通过函数对每行data.table的值进行过滤 [英] filter rows by a function over values of each row, data.table
问题描述
从data.frame语法切换到data.table语法对我来说仍然不顺利。我认为以下事情应该是微不足道的,但不是。我在这里做错了什么:
Switch from data.frame syntax to data.table syntax is still not smooth for me. I thought the following thing should be trivial, but no. What I am doing wrong here:
> DT = data.table(x=rep(c("a","b","c"),each=3), y=c(1,3,6), v=1:9)
> DT
x y v
1: a 1 1
2: a 3 2
3: a 6 3
4: b 1 4
5: b 3 5
6: b 6 6
7: c 1 7
8: c 3 8
9: c 6 9
我想要这样的东西:
cols = c("y", "v") # a vector of column names or indexes
DT[rowSums(cols) > 5] # Take only rows where
# values at colums y and v satisfy a condition. 'rowSums' here is just an
# example it can be any function that return TRUE or FALSE when applied
# to values of the row.
这项工作,但是如果我想提供动态列名怎么办?并且我的表有很多列?
This work, but what if I want to provide dynamic column names? and my tables have many columns?
>DT[eval( quote(y + v > 5))] #and the following command gives the same result
> DT[y + v > 5]
x y v
1: a 6 3
2: b 3 5
3: b 6 6
4: c 1 7
5: c 3 8
6: c 6 9
> DT[lapply(.SD, sum) > 5, .SDcols = 2:3] # Want the same result as above
Empty data.table (0 rows) of 3 cols: x,y,v
> DT[lapply(.SD, sum) > 5, ,.SDcols = 2:3]
Empty data.table (0 rows) of 3 cols: x,y,v
> DT[lapply(.SD, sum) > 5, , .SDcols = c("y", "v")]
Empty data.table (0 rows) of 3 cols: x,y,v
答案后更新
事实证明,有很多方法可以做到这一点,所以我想看看旺旺是表现最好的人。以下是模拟的时序代码:
Update after the answers Since it turns out there are many ways of doing this thing, I want to see which want is the best performer.
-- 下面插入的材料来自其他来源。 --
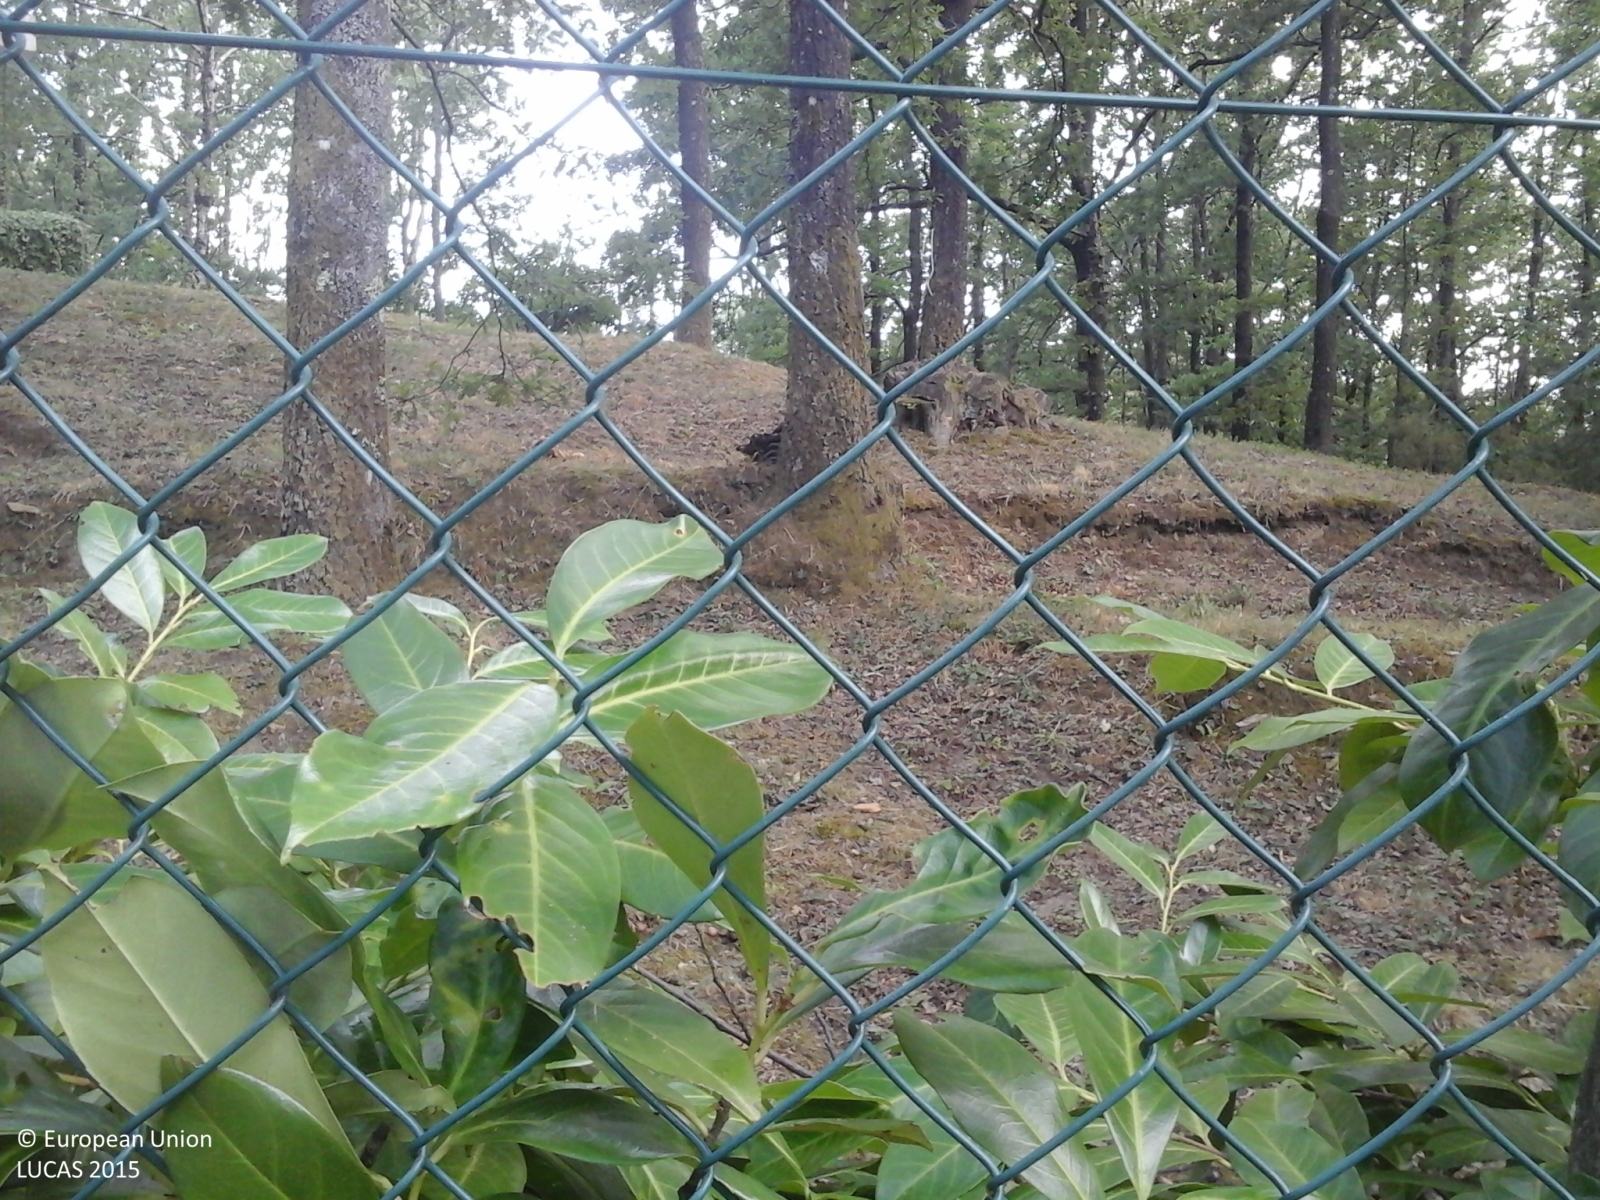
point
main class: Woodland
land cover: Broadleaved woodland
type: thermophilous deciduous forest
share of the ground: > 75 %
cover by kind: broadleaved forest trees 95 %, herbaceous plants 5 %
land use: Amenities, museums, leisure
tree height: > 5 m
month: August
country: IT
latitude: 43.9339
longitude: 10.6088

Following is the simulated timing code:
nr = 1e7
DT = data.table(x=sample(c("a","b","c"),nr, replace= T),
y=sample(2:5, nr, replace = T), v=sample(1:9, nr, T))
threshold = 5
cols = c("y", "v")
col.ids = 2:3
filter.methods = 'DT[DT[, rowSums(.SD[, cols, with = F]) > threshold]]
DT[DT[, rowSums(.SD[, col.ids, with = F]) > threshold]]
DT[DT[, rowSums(.SD) > threshold, .SDcols = cols]]
DT[DT[, rowSums(.SD) > threshold, .SDcols = c("y", "v")]]
DT[DT[, rowSums(.SD) > threshold, .SDcols = col.ids]]
DT[ ,.SD[rowSums(.SD[, col.ids, with = F]) > threshold]]
DT[ ,.SD[rowSums(.SD[, cols, with = F]) > threshold]]
DT[, .SD[rowSums(.SD) > threshold], .SDcols = cols, by = x]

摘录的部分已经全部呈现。